ISS has long supported shareholder proposals requesting companies to disclose information on their climate change risks. The subject reached a turning point in 2017 when Exxon, Occidental and PPL Corp. passed landmark resolutions to disclose the risks that climate change posed to their businesses. Goldstein projects that similar resolutions will be in the offing this year, “as investors succeed in achieving heightened disclosures of climate change risks on a company-by-company basis,” he says.

ISS recently aligned its policy with recommendations by the Task Force on Climate-Related Financial Disclosures. Chaired by Michael Bloomberg, the Task Force’s guidelines call for greater transparency and board oversight of climate change exposures.

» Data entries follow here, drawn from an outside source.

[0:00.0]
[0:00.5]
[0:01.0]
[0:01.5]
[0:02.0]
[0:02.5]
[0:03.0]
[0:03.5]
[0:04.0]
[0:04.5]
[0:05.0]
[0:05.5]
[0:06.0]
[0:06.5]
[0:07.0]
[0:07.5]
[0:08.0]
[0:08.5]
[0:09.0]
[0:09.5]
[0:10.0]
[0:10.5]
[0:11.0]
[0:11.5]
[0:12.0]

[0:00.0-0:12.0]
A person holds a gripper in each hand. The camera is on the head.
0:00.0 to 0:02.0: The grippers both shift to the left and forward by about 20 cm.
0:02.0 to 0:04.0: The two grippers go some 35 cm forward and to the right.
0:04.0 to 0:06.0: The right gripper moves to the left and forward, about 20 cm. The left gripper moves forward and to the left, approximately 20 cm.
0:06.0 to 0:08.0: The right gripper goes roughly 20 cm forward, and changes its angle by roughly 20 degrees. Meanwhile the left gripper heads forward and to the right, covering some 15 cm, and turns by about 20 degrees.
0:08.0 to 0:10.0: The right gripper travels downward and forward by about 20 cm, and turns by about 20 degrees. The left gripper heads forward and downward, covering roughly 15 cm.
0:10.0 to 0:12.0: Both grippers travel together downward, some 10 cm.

The effort paid off. “During the 2018 proxy season, more than 65 resolutions regarding climate change were submitted by U.S. investors, of which 17 involved risk assessments based on the so-called two-degree scenario,” Goldstein notes.

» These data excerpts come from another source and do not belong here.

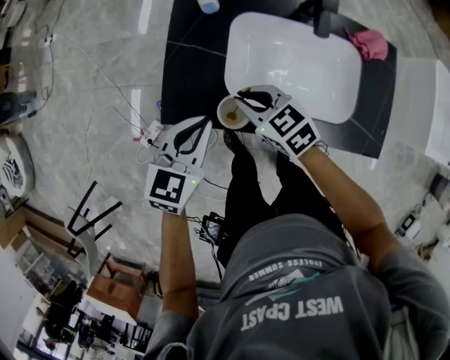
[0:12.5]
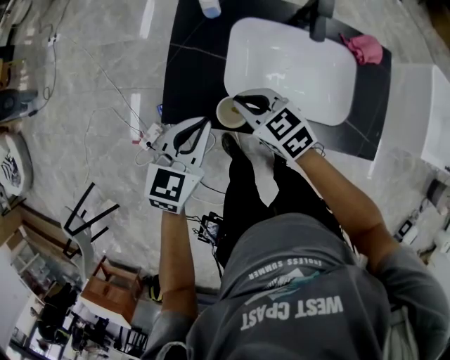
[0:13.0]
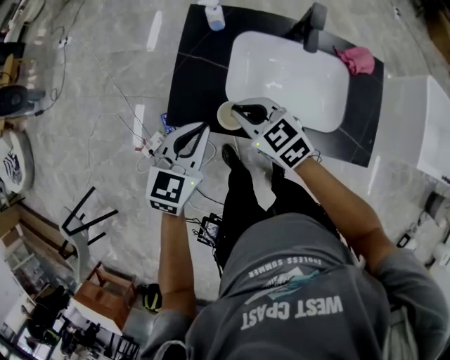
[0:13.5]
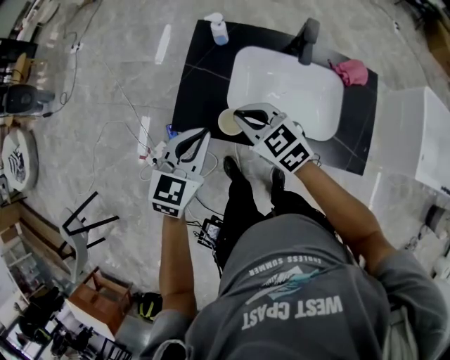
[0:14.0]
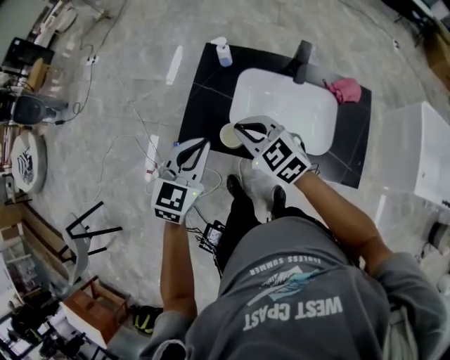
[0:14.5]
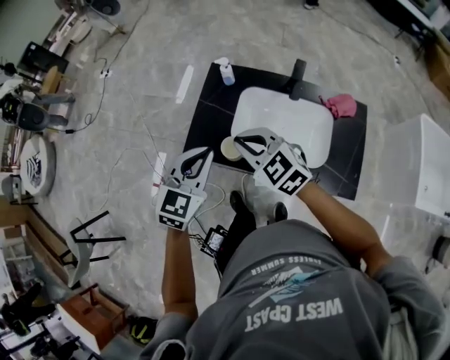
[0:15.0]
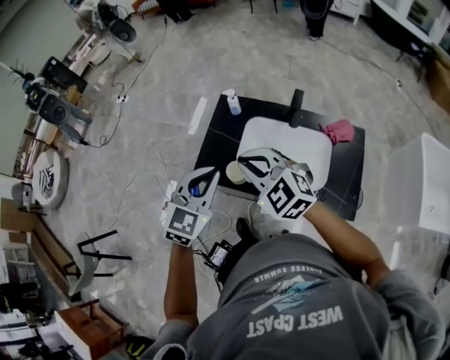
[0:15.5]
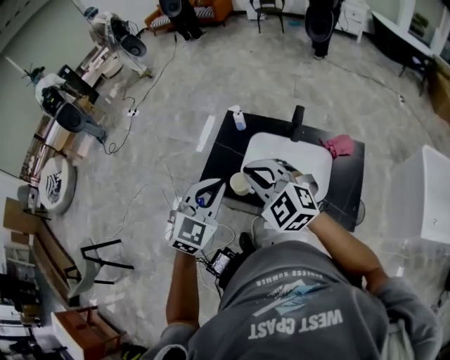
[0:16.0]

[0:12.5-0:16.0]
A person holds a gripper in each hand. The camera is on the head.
0:12.5 to 0:14.5: The grippers both shift upward by about 15 cm. The right gripper turns by approximately 20 degrees.
0:14.5 to 0:16.0: The two grippers go some 15 cm upward and backward. The right gripper turns by some 30 degrees.

Two-degree scenario proposals are an outgrowth of the Intergovernmental Panel on Climate Change’s determination that two degrees Celsius above pre-industrial levels is the uppermost limit in global temperatures tolerable to the environment.

The proposals generally call for greater disclosure of companies’ preparedness for climate change and efforts to account for climate-related risks and opportunities. Despite rising investor interest, proactive measures by companies led to the withdrawal of the majority of two-degree scenario resolutions in 2018, says Keatinge. “We had awaited an onslaught of such resolutions, but they were withdrawn or negotiated away,” she says. “Ultimately, only five went to a vote, and of those five only two received majority support.”

That’s because many companies had already committed to enhancing disclosure. “This is heartening, and the credit is due the investors,” Keatinge adds.

Ron Schneider, director of corporate governance services at DFIN, agrees, noting that this represents a seismic shift in investor perspective. “When we saw shareholder proposals on climate change in the past, they didn’t get the support of the largest indexed investors,” Schneider says. “While these investors recognized that the climate was changing, they had difficulty connecting the impact to long-term financial performance and shareholder value. That has now changed.”

Sheehan from PJT Partners cites the value of water conservation to a soft drink manufacturer. “If a company is a water-intensive business, conserving water through processes that allow for the reuse of water, for instance, will have positive bottom line impact,” she explains. “That’s also good from an ESG standpoint. For a soft drink maker, these are not two separate silos.”

Social Sensibility

The opioid crisis, firearms and pay equity are also on investors’ ESG agenda. For example, following the February 2018 mass shootings in Parkland, Florida, multiple shareholder proposals asked that retail companies stop selling guns or part ways with the National Rifle Association. In response, Walmart and Dick’s Sporting Goods placed new restrictions on gun sales, while others like MetLife, Delta Airlines and FedEx voted to cut ties with or discontinue preferential treatment of the NRA.

“For some companies, gun violence is an issue of material importance,” says Keatinge. “An example is Sturm Ruger, whose shareholders at the 2018 annual meeting approved a proposal for the company to detail its plans to track violence associated with its firearms, disclose its research on ‘smart’ gun technology, and assess the risks that gun violence poses to its reputation and long-term financial performance.” Sturm Ruger has until February to produce a report addressing the shareholder’ concerns.

In 2018, a number of first-time shareholder proposals involved the opioid crisis. Keatinge and others anticipate more of the same this go-round. “Shareholders at Depomed (a distributor of opioid painkiller Nucynta now known as Assertio Therapeutics) voted in the majority to approve policies enhancing the board’s governance of the impact on the bottom line of continuing to distribute opioids,” Keatinge says.

These varied actions demonstrate the potential for investors and shareholders to, at a minimum, raise the level of dialogue around ESG issues—and possibly effect change.